This course offers students a hemispheric perspective on the study of literature, focusing on a range of works from underrepresented, marginalized, and outsider authors in the Americas from the nineteenth century to the present. Students have an opportunity to challenge conventional categorizations of writers from across the Americas—not just in the United States—by fostering transnational and transhistorical perspectives while considering concepts including identity, race, citizenship, hybridity, and nationhood.
This course introduces students to global fine arts production (drawing, painting, sculpture, artists’ books, performance, public, and socially engaged) since 1945. Using a series of case studies this class examines the historical, theoretical, and aesthetic developments in and relationships between fine arts media. Students engage with a combination of primary and secondary texts, apply visual analysis skills, contextualize artworks, and investigate various political and aesthetic points of view.
This course traces the history of applied arts and designed objects through furniture, products, packaging, and multidimensional forms of graphic design. Students examine applied arts and designed objects as part of an evolving human culture of habit, convenience, and status. Various movements and styles within the histories of design genres, as well as the processes and manufacturing of consumer objects are considered.

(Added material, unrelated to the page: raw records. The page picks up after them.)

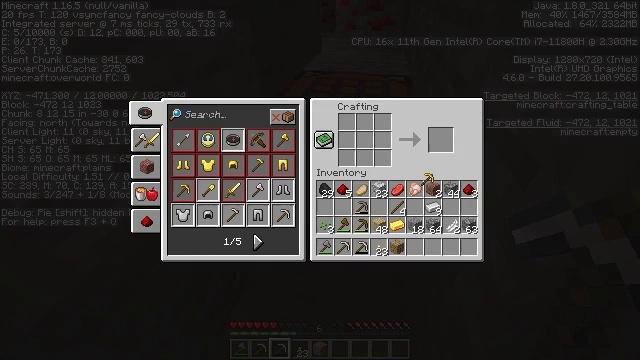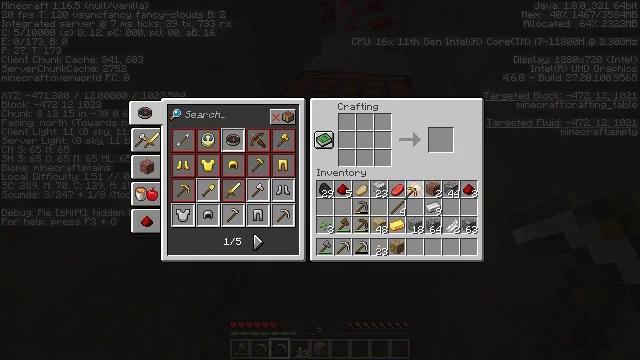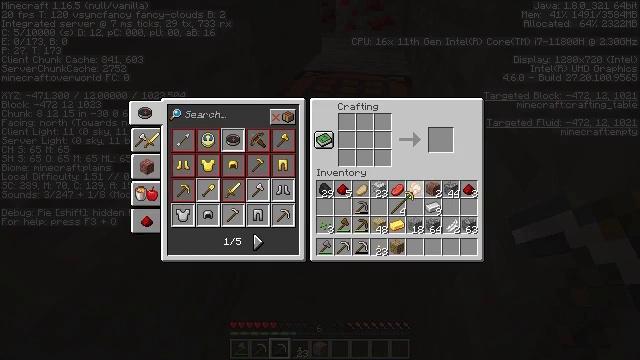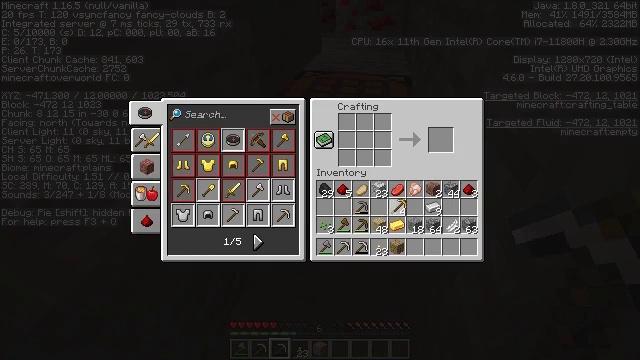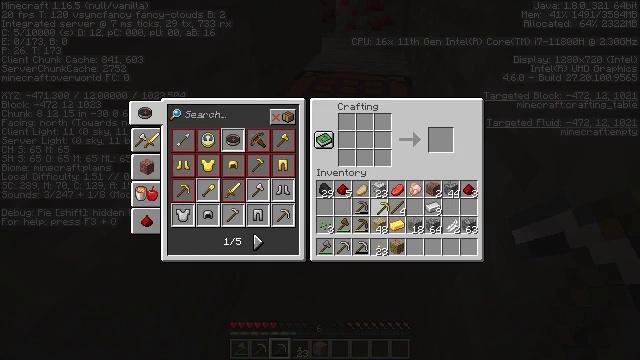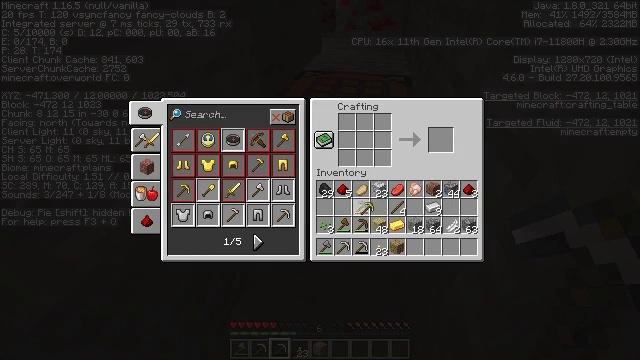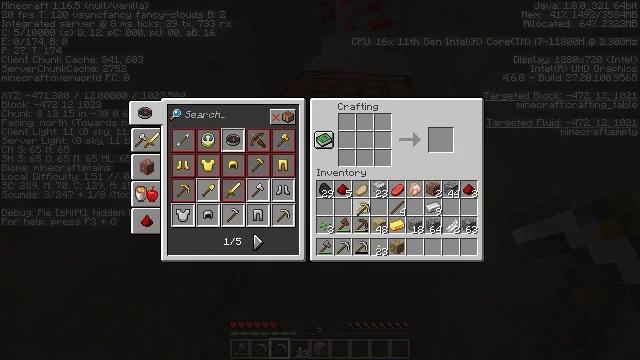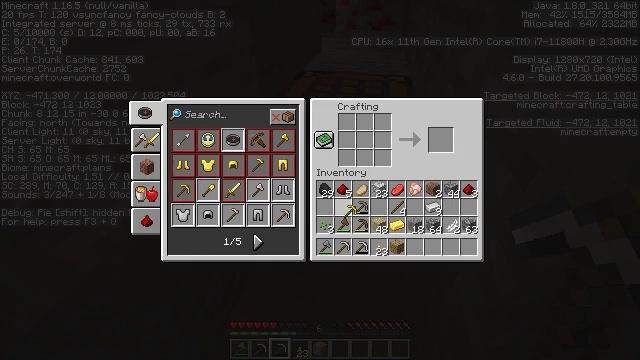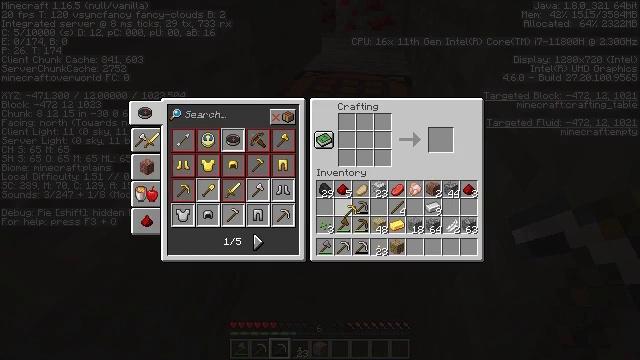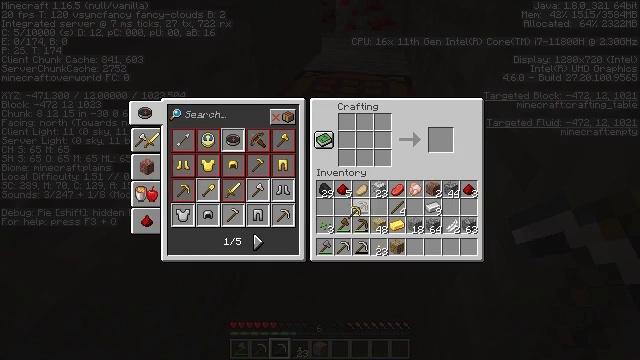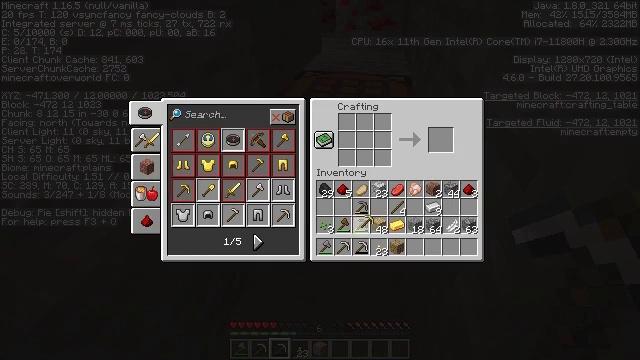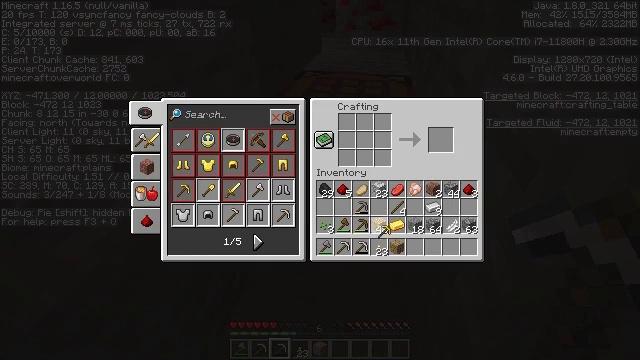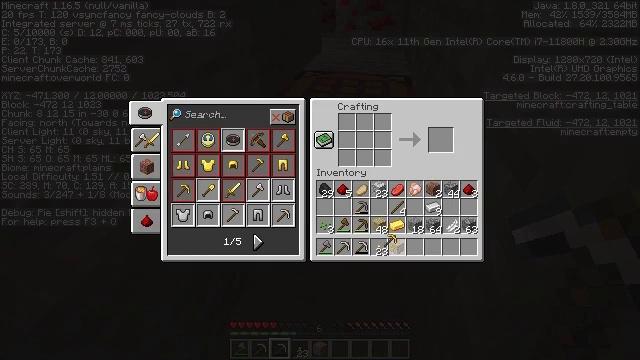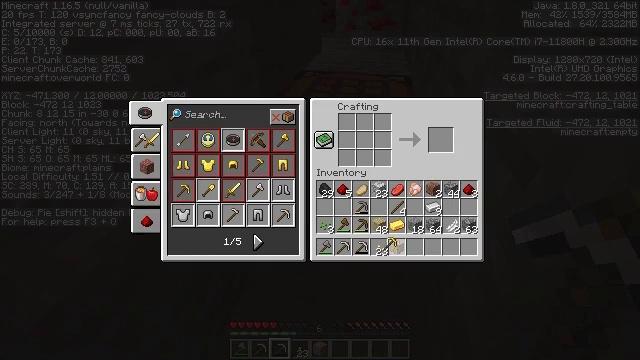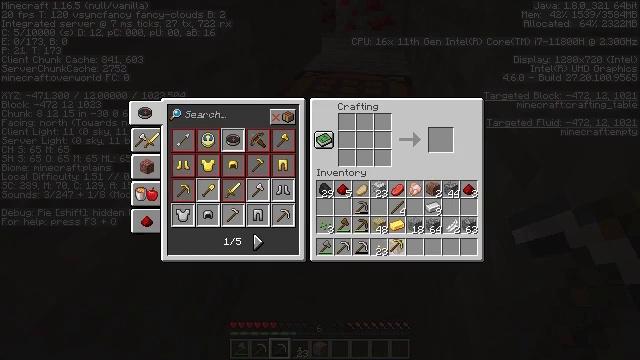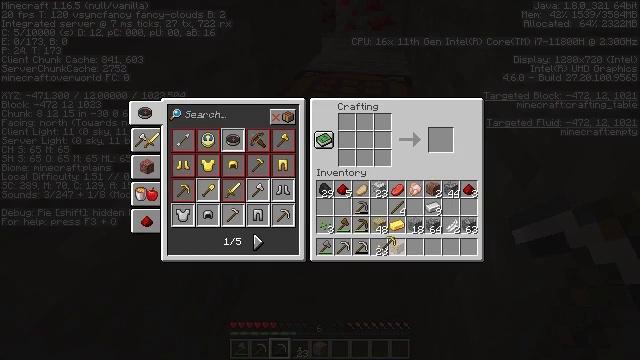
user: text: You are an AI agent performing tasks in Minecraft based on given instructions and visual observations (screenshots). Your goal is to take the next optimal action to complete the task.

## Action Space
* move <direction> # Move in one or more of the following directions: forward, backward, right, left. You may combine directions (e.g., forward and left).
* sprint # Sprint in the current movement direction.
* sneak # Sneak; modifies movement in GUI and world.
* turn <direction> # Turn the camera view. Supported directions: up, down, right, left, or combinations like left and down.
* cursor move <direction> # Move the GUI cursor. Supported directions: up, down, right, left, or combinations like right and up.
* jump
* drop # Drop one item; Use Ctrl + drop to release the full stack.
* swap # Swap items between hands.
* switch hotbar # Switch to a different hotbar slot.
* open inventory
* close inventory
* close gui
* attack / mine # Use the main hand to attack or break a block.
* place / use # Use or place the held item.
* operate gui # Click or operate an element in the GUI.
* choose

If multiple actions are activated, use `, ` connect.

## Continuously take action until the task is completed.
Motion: motion action
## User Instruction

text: Break the stone block.
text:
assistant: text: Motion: cursor move left and down, open gui
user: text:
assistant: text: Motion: no_op
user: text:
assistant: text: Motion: cursor move left and down
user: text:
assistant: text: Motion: cursor move left
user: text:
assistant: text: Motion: cursor move left
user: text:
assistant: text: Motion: no_op
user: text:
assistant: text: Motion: cursor move left
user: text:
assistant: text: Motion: no_op
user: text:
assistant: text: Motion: no_op
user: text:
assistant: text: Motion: cursor move right and down
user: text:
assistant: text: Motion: cursor move right and down
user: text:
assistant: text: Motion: cursor move down
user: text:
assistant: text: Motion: no_op
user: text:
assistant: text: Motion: no_op
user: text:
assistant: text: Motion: no_op
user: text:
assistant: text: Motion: cursor move left and up
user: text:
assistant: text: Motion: cursor move left
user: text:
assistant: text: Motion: no_op
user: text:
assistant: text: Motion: no_op
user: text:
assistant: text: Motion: no_op
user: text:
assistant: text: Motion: cursor move right and down
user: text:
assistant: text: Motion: no_op
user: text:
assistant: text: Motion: no_op
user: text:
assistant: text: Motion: no_op
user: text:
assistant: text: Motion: no_op
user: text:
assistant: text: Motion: operate gui
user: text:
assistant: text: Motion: operate gui
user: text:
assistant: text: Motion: no_op
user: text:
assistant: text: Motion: no_op
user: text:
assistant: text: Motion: no_op

Since the advent of print and the printing press, text, image, graphic design, comics, and advertising have played significant roles in cultural formation. This course examines the history of mass reproduction of printed matter from the advent of modernity, including books and periodical designs, to the present.
The production and reproduction of static, moving, and digital images have grown from work produced by an exotic technology used only by specialists to a socially ubiquitous representational form that generates millions of images, clips, cartoons, gifs, shorts, and films daily. This course surveys the development of (re)produced and moving images from their commercial applications, entertainments, and art to the all-pervasive media in which our popular cultures and artistic cultures exist. Individual artists and makers, as well as their works and contextualized movements within changing technological, economic, and institutional frameworks, are considered.